How Cooperatives Have Transformed Busia Teachers

Busia Walimu development cooperative limited is still servicing it’s commencement, from the shillings one hundred million two years loan from Walimu Union SACCO, but the beneficiaries walk with their heads high.

Given the meager pay they take home, it’s rare to see a typical primary school teacher on government payroll free of stress, however, this is not the cases with members of the Busia Walimu development cooperative limited.

Registered on April 29, 2015, by the ministry of cooperatives, the cooperative has only 43 members through the district. This is the few that dared to heed President Yoweri Museveni’s idea and forming cooperatives.
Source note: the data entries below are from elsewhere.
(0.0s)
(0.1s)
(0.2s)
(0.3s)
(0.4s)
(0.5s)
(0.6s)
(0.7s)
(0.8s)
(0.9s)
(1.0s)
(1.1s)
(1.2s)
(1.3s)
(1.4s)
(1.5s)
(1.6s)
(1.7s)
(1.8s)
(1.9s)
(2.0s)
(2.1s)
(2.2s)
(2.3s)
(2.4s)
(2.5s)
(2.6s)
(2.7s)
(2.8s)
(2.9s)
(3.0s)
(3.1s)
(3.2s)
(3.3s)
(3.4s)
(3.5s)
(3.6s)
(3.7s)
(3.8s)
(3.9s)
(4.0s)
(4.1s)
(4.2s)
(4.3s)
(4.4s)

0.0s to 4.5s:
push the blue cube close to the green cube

This was after Museveni met teacher’s leaders in Mbale town in 2014 and encouraged them to form cooperatives noting it was the only way the government would channel money to their cooperatives through Walimu Union SACCO. Dorothy Nafula the chairperson says despite the highest loan the cooperative gives to members being shillings three million, the loans have greatly changed the members’ lives.

“We undertake enterprise ranging from poultry, retail shops, produce to tree planting,” she notes adding her members are doing well compared to other teachers who are non-members. Through such projects, she says teachers have been able to educate their children in relatively good schools and also live a decent lifestyle within their means.
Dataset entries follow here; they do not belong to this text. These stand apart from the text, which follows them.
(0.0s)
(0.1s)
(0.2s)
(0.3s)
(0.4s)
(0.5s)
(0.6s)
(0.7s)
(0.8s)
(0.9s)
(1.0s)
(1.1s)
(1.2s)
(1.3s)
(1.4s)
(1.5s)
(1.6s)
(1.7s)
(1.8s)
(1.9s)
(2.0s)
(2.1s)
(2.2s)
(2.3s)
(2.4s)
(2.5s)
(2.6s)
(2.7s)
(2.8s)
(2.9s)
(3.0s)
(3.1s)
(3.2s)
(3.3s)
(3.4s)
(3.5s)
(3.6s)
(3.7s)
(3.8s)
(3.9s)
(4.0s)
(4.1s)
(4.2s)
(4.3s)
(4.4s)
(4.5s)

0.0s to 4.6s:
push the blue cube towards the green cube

She appeals to other teachers to join the cooperative in order to put the government under pressure to increase the money allocated to Walimu SACCO union so that more teachers can apply and get loans to improve their lives.

Francis Akol a member says that as teachers wait for the government to improve their salary, they should exploit the Walimu SACCO window and engage in other viable productive ventures. “Let’s all join the cooperative and move together,” he says, adding that government works with organized groups.